In Turkey, a decoction of the berries of Ruscus hypoglossum is used externally for boils and warts, and fresh leaves are used in cattle breeding against colds and mastitis. The leaves of R. colchicus are used by the local population for feeding farm animals to increase milk production and fat content.
Ruscus hyrcanus is used in traditional Iranian medicine as a diuretic, hemostatic, vasoconstrictor, antimicrobial, and anti-inflammatory agent.

====Current Use====
Presently, butcher's-broom is not widely used in modern medicine due to a lack of comprehensive clinical studies proving its effectiveness. However, extracts of this plant are found in some pharmaceutical and cosmetic products, such as creams for varicose veins and hemorrhoids. Preparations of the plant are also used in homeopathy.
Some recent studies have indicated that the plant may have potential pharmacological effects, such as anti-inflammatory, antimicrobial, and antioxidant activities.

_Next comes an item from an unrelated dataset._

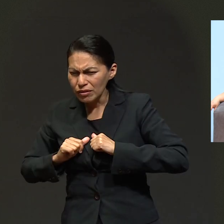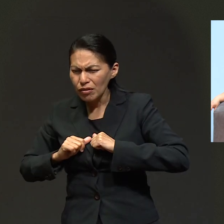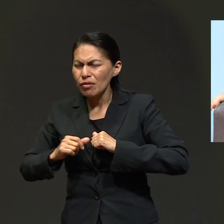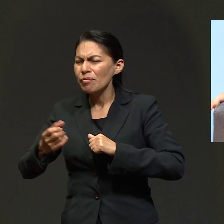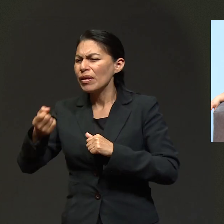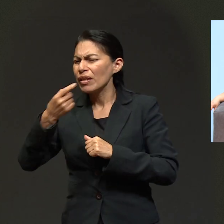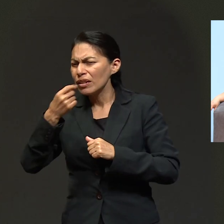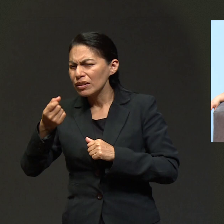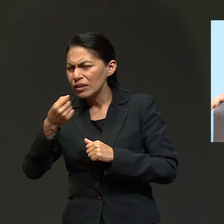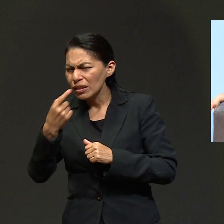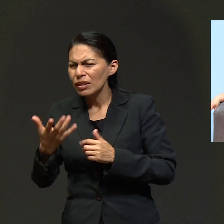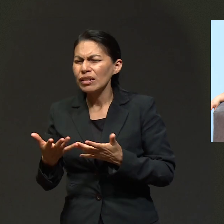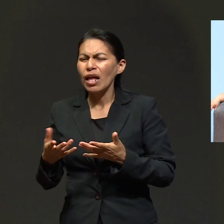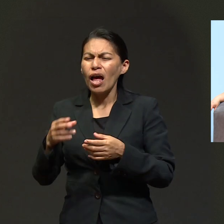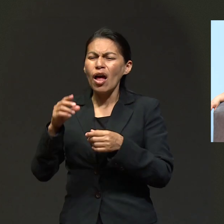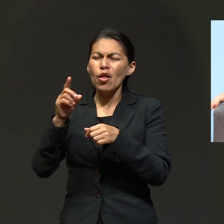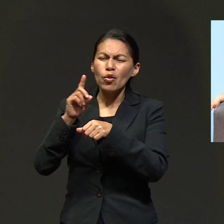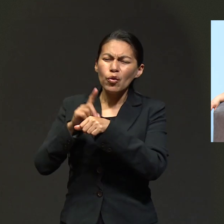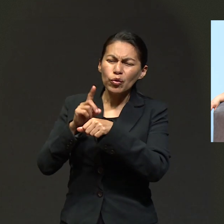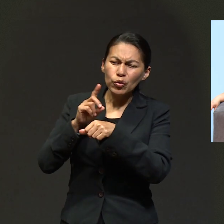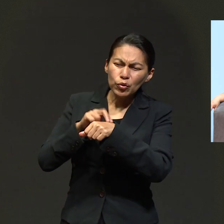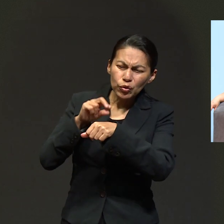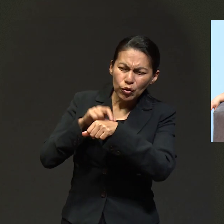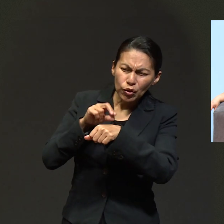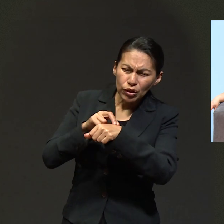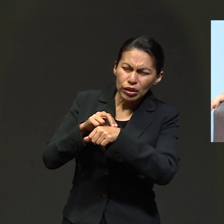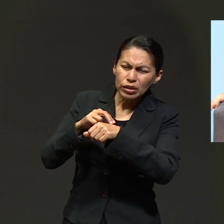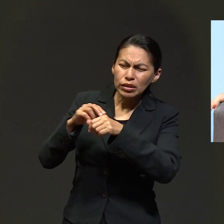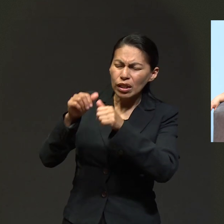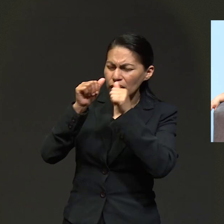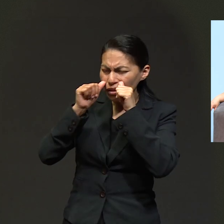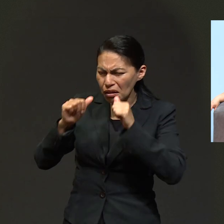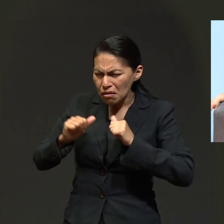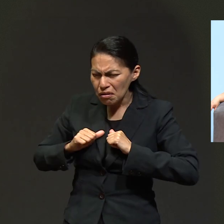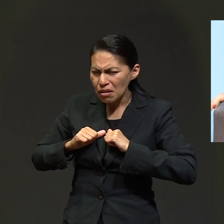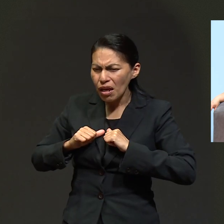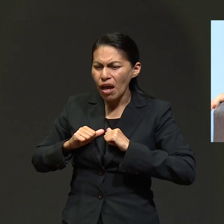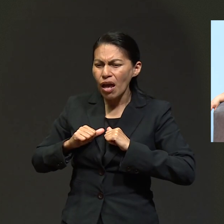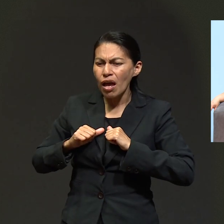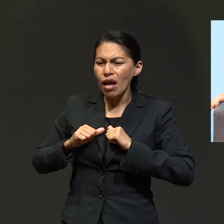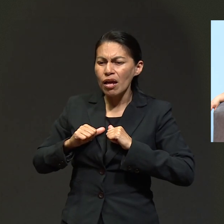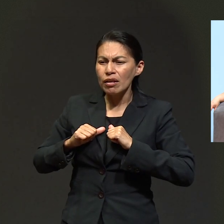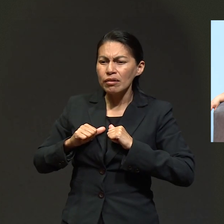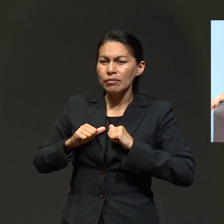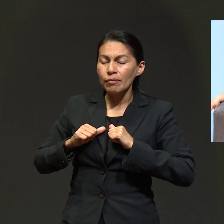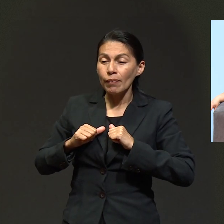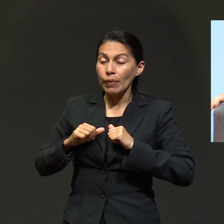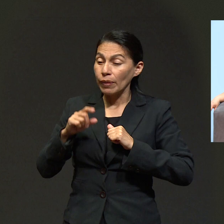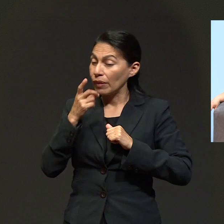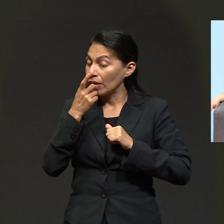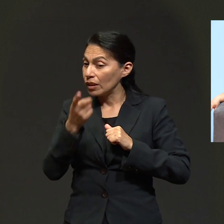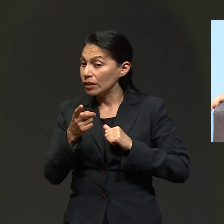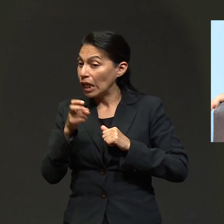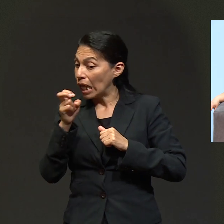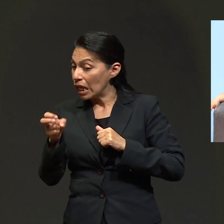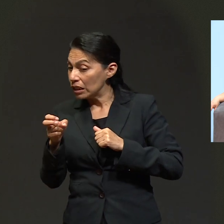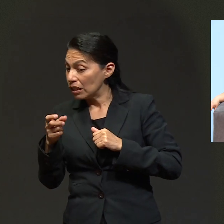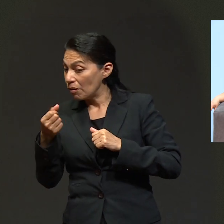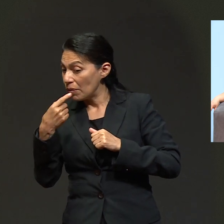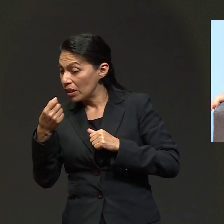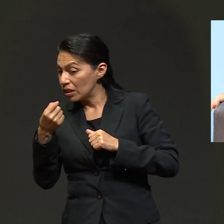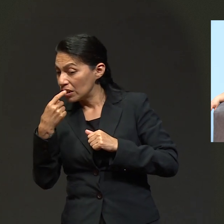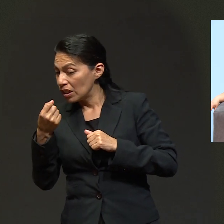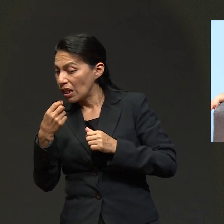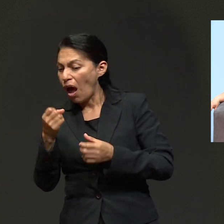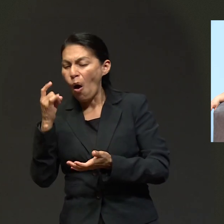asistencia médica, me dio un medicamento que me dijo el doctor solamente está disponible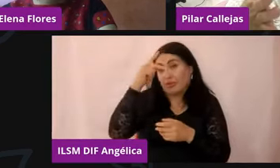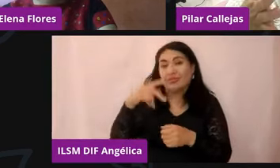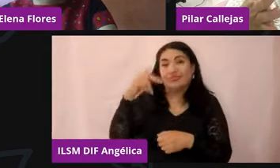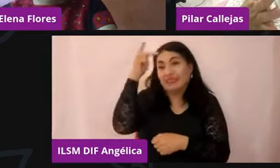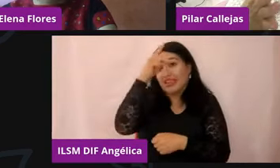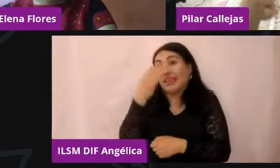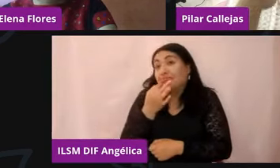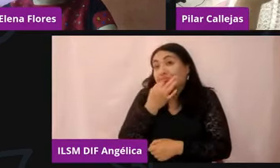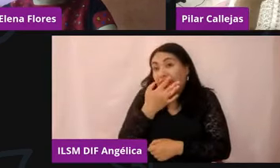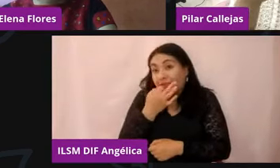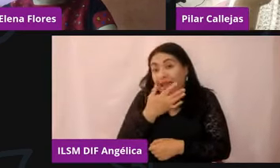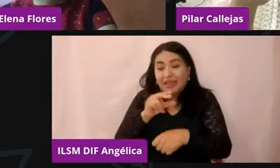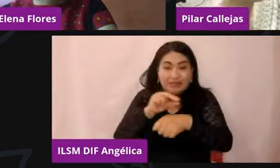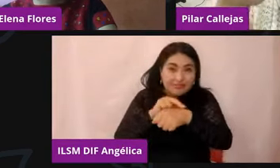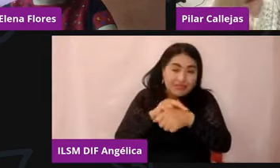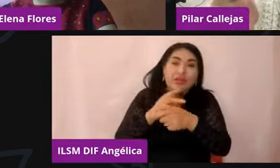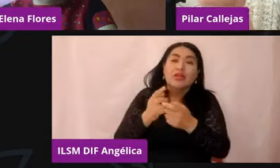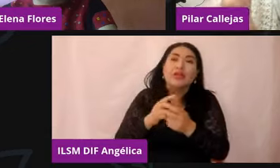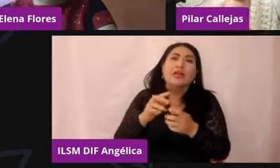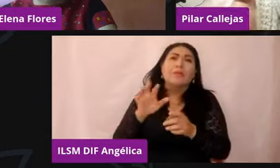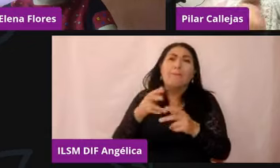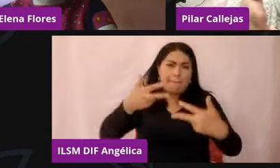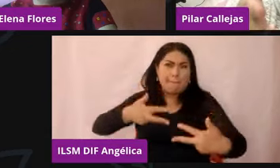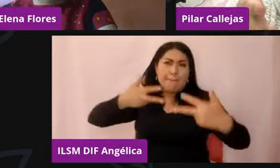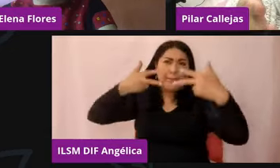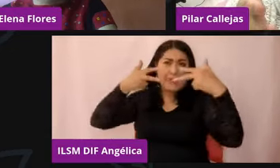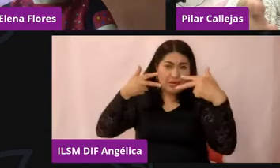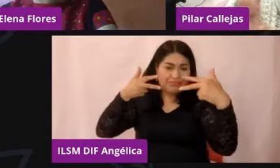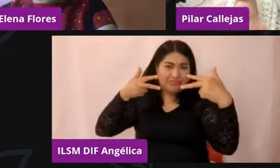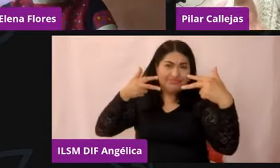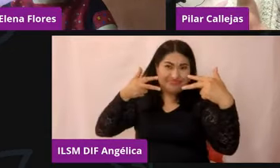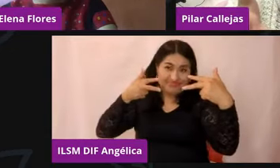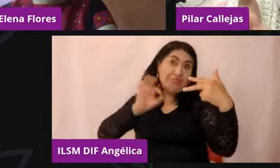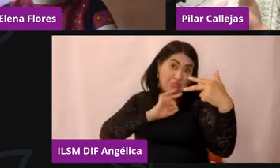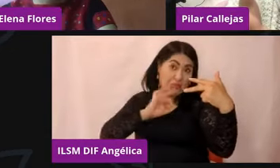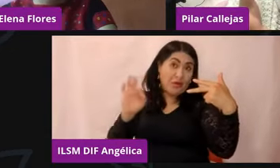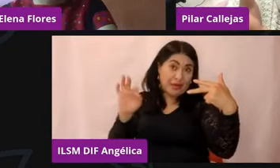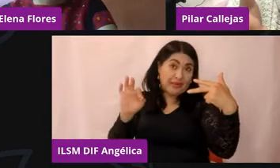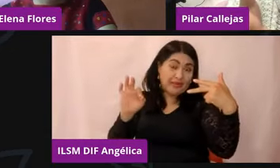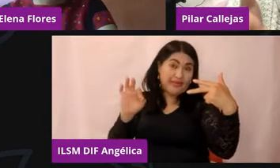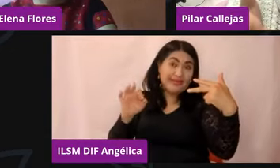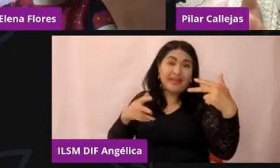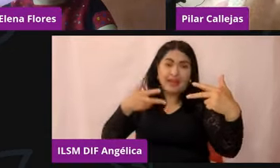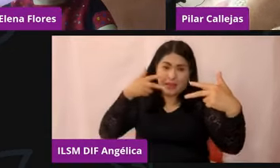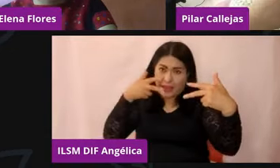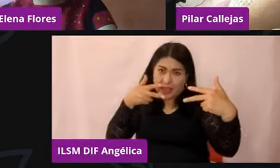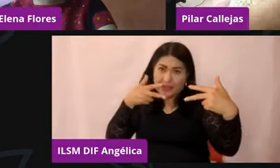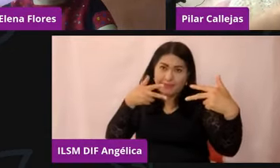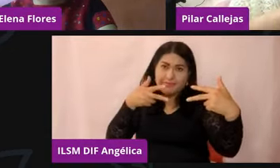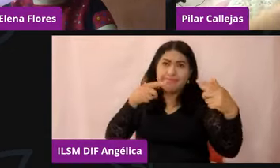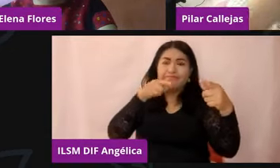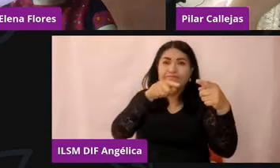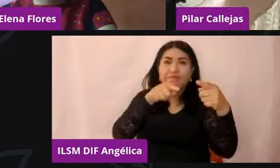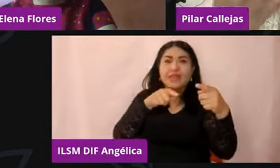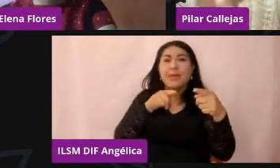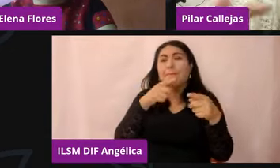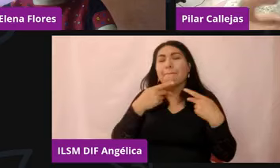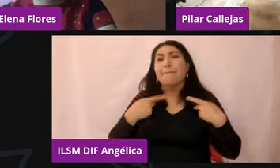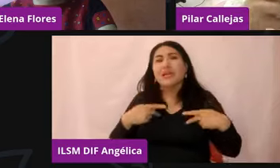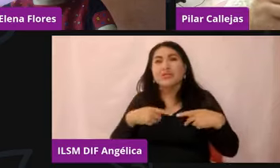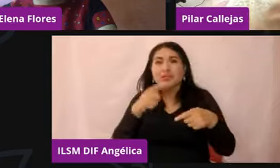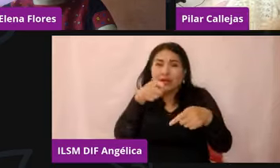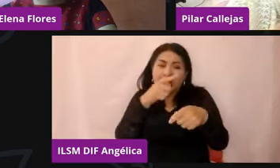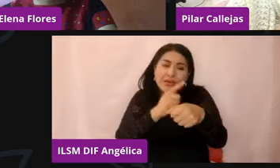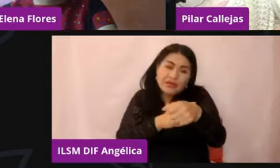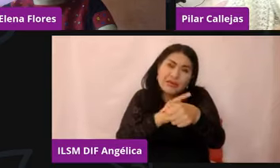estar en la distancia, puedes llegar al paciente y darle su espacio por el tono de voz, porque lo ves,

These studies suggest the possibility of its future application in modern medicine, especially in diseases related to inflammation and oxidative stress.

===Culinary===
In Italy the tender young, 5–20 cm long, pinkish-white shoots are consumed boiled like asparagus. As of 1997, it has been planned to introduce management measures to protect its overexploitation.

===Toxicity===
The Milan Poison Control Centre handled 107 R. aculeatus poisoning cases in the period 1995–2007; subsequently 4 acute poisoning cases were recorded for the 2010–2011 season in Lombardy. The majority of cases were children who had consumed the attractive berries.

Common Ruscus toxins
| Compound | EINECS Number | CAS Number | GHS Class (Oral) | Oral LD_{50} (mg/kg) | R. aculeatus (%DW) |  |  | R. hypoglossum (%DW) |  |  | Sources |
| Rhizome | Aerial | Fruit | Rhizome | Aerial | Fruit |
| Neoruscogenin | 241–660–1 | 17676–33–4 | H302 | 5000 | 0.173% | ? | ? | ? | ? | ? |  |
| Ruscogenin | 207–447–2 | 472–11–7 | H302 | 8000 | 0.111% | 0.03-0.05% | ? | 0.14% | 0.10% | ? |  |

==Bibliography==
- NCBI. "PubChem Compound Summary for CID 9910474, Neoruscogenin"
- NCBI. "PubChem Compound Summary for CID 441893, Ruscogenin"
- Ejiohuo, Ovinuchi (2025). "In silico identification of novel ligands targeting stress-related human FKBP5 protein in mental disorders"
- Chemicalbook. "Ruscogenin Chemical Safety Data Sheet MSDS / SDS"
- Chemicalbook. "Neoruscogenin Chemical Safety Data Sheet MSDS / SDS"
- Masullo, Milena (2016). "Ruscus Genus: A Rich Source of Bioactive Steroidal Saponins"
- Banfi, Enrico (2012). "Piante velenose della flora italiana nell'esperienza del Centro Antiveleni di Milano"
- Vlase, Laurian (2009). "High-Throughput LC/MS/MS Analysis of Ruscogenin and Neoruscogenin in Ruscus aculeatus L"
- Tansi, Sezen (2007). "Variation in ruscogenin contents in Ruscus aculeatus L. growing wild in Southern Turkey"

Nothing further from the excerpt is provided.